Kunt u toelichten wat er precies wordt bedoeld met de woorden «belast met begeleiding»? Valt hieronder ook de situatie dat ervaren pleegouders aspirant pleegouders wegwijs maken in de pleegzorg? Op welke frequentie en duur van begeleiding doelt dit wetsartikel precies?3 4

Antwoord 1, 2

Het is mij bekend dat er in de praktijk onduidelijkheid bestaat over artikel 5.1, eerste lid, onderdeel b, van de Jeugdwet. Dit artikel belemmert dat een medewerker van een pleegzorgaanbieder die is belast met de begeleiding van pleegouders (hierna: pleegzorgbegeleider) tegelijkertijd pleegouder kan zijn bij dezelfde pleegzorgaanbieder. Hiermee wordt voorkomen dat een pleegouder pleegzorgbegeleiding ontvangt van een collega, waarbij onwenselijke belangenverstrengeling zou ontstaan. Iedere pleegouder ontvangt namelijk begeleiding van een pleegzorgaanbieder (zie ook artikel 5.2, eerste lid, Jeugdwet). Het is overigens wel mogelijk dat een pleegzorgbegeleider pleegouder is bij een andere pleegzorgaanbieder. De Jeugdwet belemmert niet dat pleegouders elkaar onderling begeleiden.

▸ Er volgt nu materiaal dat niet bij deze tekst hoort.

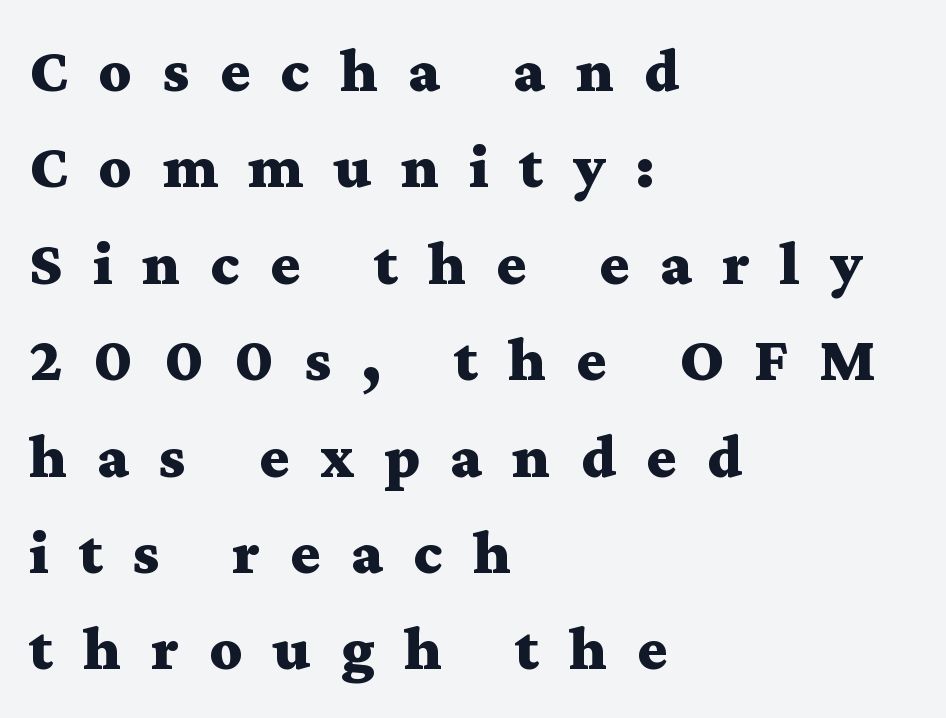
Horizontal bands of white between lines are of average thickness. Reading down the block, your eye returns to a fixed left position each line. The specimen omits any rule beneath the text block's lines. Nope, not italic — everything's standing straight.
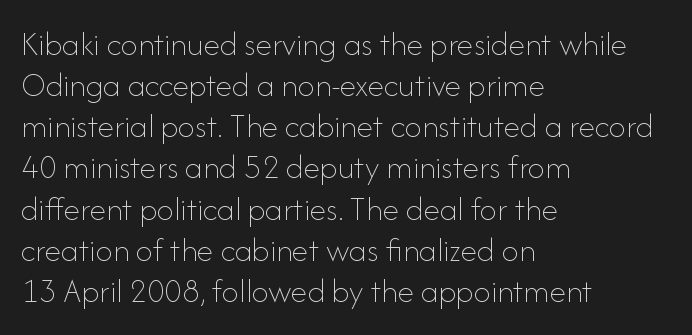
Q: Is the text bold? A: No.
Q: Is the text italic (slanted)? A: No, it is upright.
Q: Is the text underlined? A: No.
Q: How is the paragraph aligned? A: Left-aligned.
Q: Is the spacing between letters normal or unusually wide? A: Normal.
Q: Width (condensed, normal, or wide)? A: Normal.
Q: Stroke contrast? A: Low.
Q: x-height? A: Small.
Q: Monospaced? A: No.
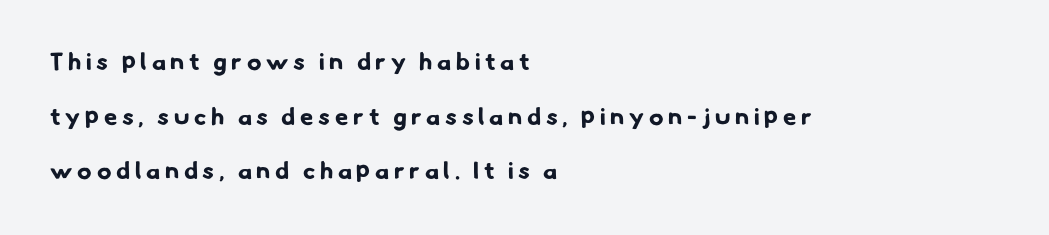
The image shows 24 px bold type; set left-aligned, loose line spacing (2.28x), unusually wide letter spacing (+0.2 em), not underlined.
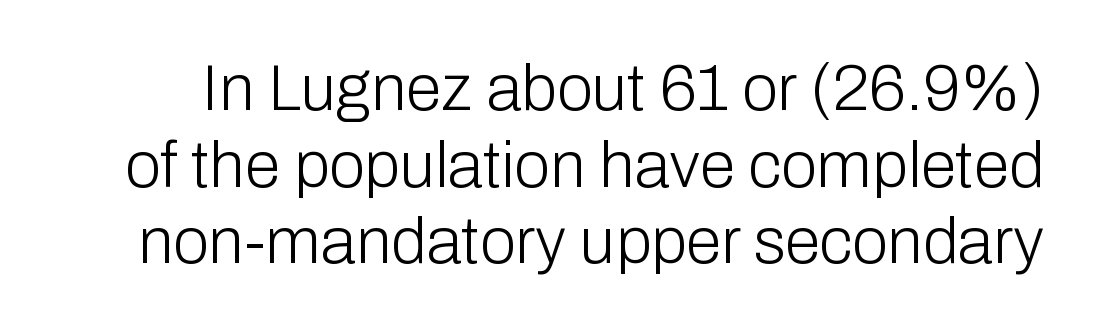
Q: Is the text bold? A: No.
Q: Is the text italic (slanted)? A: No, it is upright.
Q: Is the typeface a serif or a sans-serif typeface? A: Sans-serif.
Q: Is the text underlined? A: No.
Q: Is the spacing between letters normal or unusually wide? A: Normal.
Q: Width (condensed, normal, or wide)? A: Normal.
Q: Stroke contrast? A: Low.
Q: x-height? A: Medium.
Q: Monospaced? A: No.
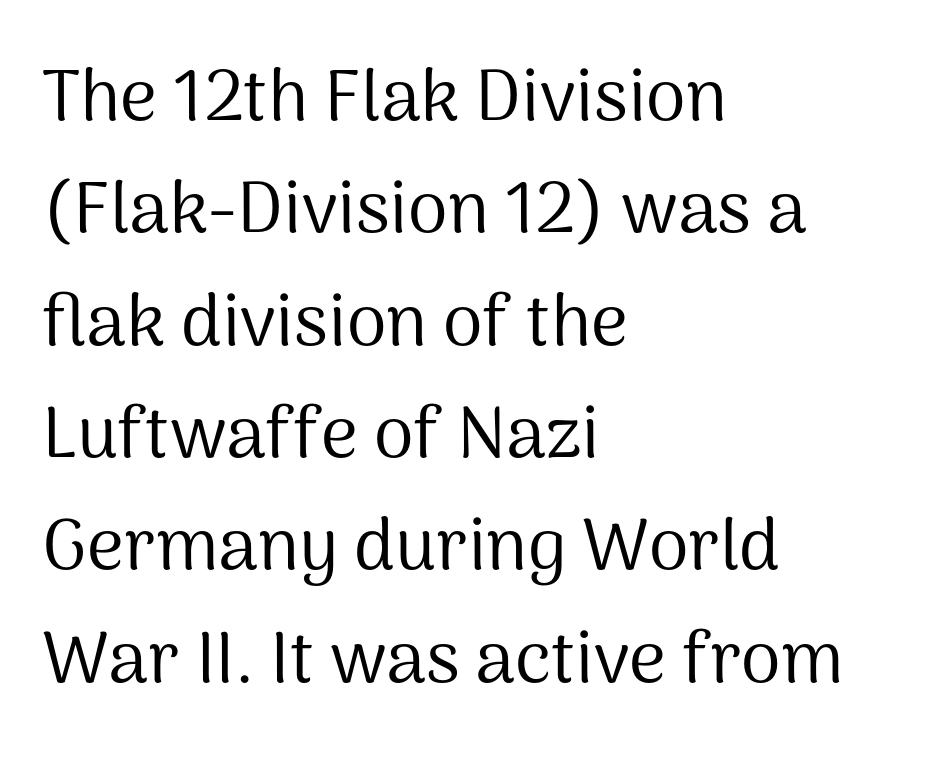
The image shows 72 px regular-weight sans-serif type, upright; set left-aligned, normal line spacing (1.56x), normal letter spacing, not underlined; medium stroke contrast and a medium x-height.
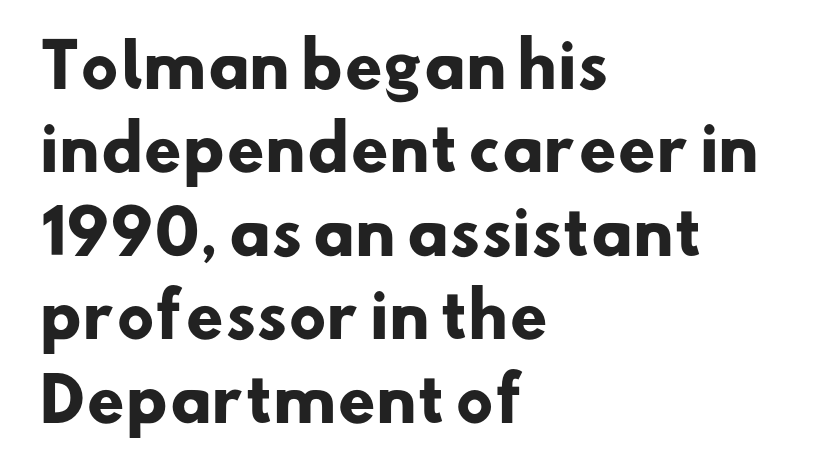
The image shows 60 px heavy sans-serif type; set left-aligned, normal line spacing (1.39x), normal letter spacing, not underlined; low stroke contrast and a small x-height.
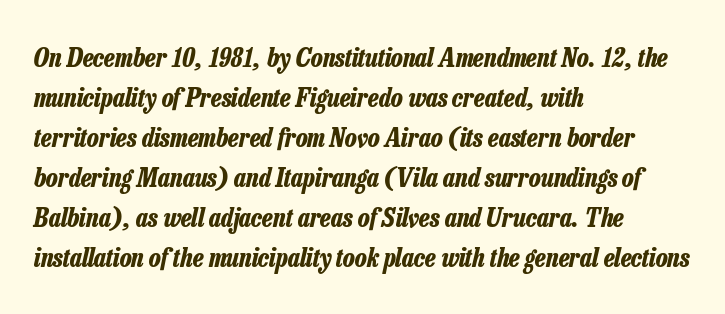
Q: Is the text bold? A: Yes.
Q: Is the text italic (slanted)? A: Yes, it leans right by about 13 degrees.
Q: Is the text underlined? A: No.
Q: How is the paragraph aligned? A: Left-aligned.
Q: Is the spacing between letters normal or unusually wide? A: Normal.
Q: Is the spacing between lines tight, normal or loose? A: Normal.

Ik begrijp dat er met de woorden «belast met begeleiding» enige onduidelijkheid is ontstaan over de vraag of ervaren pleegouders andere (aspirant-)pleegouders mogen ondersteunen in die zin dat zij die pleegouders wegwijs maken in de pleegzorg. Artikel 5.1, eerste lid, onderdeel b, vormt echter geen belemmering voor initiatieven waarbij pleegouders andere (aspirant-)pleegouders ondersteunen. Zij werken ten slotte niet als pleegzorgbegeleider voor de pleegzorgaanbieder. Integendeel, ik juich initiatieven waarbij pleegouders andere (apirant-)pleegouders ondersteuning bieden door bijvoorbeeld coaching en intervisie van harte toe.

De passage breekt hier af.